● DATA RECORDS
● ● ● ● ● ● ●
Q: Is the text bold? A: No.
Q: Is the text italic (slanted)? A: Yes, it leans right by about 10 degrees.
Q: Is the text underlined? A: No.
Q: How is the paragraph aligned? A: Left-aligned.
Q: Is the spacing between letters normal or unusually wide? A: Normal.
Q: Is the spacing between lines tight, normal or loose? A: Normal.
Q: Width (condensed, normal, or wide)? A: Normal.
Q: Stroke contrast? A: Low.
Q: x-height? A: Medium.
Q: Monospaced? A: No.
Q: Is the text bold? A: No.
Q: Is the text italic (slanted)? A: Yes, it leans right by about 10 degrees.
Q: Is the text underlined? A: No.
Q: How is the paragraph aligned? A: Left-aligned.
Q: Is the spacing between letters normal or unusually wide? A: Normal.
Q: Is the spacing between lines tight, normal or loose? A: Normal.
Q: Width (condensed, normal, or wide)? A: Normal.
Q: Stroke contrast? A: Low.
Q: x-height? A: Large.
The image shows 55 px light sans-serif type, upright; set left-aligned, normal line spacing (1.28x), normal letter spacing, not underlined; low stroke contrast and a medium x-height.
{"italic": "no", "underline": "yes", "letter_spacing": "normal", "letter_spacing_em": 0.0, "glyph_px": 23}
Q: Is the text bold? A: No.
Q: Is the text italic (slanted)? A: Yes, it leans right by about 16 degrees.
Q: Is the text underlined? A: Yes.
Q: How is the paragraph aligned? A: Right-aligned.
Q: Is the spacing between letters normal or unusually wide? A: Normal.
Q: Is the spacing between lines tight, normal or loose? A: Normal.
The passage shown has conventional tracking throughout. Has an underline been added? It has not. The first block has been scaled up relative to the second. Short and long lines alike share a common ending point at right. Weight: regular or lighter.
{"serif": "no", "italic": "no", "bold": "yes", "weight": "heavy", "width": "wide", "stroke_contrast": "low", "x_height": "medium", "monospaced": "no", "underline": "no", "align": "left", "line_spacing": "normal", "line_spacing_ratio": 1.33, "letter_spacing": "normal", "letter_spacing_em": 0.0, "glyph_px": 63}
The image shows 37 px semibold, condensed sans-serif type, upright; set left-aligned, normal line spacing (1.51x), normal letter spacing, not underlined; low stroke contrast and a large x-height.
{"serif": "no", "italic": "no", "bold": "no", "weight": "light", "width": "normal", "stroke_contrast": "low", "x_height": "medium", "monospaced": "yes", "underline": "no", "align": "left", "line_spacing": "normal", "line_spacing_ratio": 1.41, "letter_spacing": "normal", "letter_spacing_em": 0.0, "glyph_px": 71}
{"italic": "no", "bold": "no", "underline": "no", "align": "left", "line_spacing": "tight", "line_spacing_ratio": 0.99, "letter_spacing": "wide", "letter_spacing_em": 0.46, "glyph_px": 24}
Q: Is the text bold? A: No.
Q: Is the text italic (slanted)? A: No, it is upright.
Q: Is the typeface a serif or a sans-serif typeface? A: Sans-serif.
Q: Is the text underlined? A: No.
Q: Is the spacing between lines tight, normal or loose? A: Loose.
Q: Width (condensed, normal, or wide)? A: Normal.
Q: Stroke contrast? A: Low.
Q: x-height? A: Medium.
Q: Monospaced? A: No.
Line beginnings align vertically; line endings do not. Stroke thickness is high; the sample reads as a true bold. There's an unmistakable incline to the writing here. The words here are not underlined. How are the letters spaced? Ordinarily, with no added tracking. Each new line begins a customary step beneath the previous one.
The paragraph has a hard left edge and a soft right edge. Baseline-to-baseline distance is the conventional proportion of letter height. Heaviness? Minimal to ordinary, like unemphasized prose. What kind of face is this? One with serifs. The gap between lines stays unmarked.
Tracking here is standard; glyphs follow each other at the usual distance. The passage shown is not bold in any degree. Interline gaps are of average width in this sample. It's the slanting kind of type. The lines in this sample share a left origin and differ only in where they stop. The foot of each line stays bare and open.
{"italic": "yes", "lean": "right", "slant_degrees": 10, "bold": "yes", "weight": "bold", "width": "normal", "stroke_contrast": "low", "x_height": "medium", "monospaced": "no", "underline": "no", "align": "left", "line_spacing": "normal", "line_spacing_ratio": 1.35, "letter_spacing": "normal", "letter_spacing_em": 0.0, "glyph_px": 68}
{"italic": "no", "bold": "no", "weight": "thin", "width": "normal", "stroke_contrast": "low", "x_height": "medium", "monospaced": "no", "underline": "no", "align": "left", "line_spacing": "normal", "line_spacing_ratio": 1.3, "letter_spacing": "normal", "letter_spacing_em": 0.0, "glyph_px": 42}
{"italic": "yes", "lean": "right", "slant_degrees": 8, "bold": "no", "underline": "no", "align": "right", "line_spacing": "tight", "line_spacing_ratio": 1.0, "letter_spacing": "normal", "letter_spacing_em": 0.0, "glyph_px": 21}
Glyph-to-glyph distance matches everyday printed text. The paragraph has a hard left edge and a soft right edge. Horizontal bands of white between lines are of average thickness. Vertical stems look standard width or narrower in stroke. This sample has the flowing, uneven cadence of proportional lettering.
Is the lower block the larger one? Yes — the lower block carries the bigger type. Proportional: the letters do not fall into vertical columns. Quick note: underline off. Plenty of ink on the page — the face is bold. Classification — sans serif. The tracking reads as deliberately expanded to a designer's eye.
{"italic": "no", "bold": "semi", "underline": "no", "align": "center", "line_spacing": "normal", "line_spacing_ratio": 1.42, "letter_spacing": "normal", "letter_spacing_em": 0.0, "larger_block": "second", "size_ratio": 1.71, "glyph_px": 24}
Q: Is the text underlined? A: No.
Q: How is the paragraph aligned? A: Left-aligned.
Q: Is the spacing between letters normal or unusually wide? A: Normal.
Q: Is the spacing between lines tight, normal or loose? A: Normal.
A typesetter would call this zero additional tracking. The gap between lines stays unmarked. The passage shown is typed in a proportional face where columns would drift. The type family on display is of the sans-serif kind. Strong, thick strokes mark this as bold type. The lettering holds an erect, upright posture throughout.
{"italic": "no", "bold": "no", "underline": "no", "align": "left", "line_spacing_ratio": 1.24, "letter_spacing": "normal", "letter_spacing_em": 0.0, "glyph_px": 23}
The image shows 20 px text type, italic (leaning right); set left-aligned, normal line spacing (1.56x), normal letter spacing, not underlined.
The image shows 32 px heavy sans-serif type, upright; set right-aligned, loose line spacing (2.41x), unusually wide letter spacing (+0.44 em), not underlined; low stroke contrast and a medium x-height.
● ● ● ● ● ● ●
Gather each line in these records that contains the string "heavy".

● RESULT FOR THIS TASK
{"serif": "no", "italic": "no", "bold": "yes", "weight": "heavy", "width": "wide", "stroke_contrast": "low", "x_height": "medium", "monospaced": "no", "underline": "no", "align": "left", "line_spacing": "normal", "line_spacing_ratio": 1.33, "letter_spacing": "normal", "letter_spacing_em": 0.0, "glyph_px": 63}
The image shows 32 px heavy sans-serif type, upright; set right-aligned, loose line spacing (2.41x), unusually wide letter spacing (+0.44 em), not underlined; low stroke contrast and a medium x-height.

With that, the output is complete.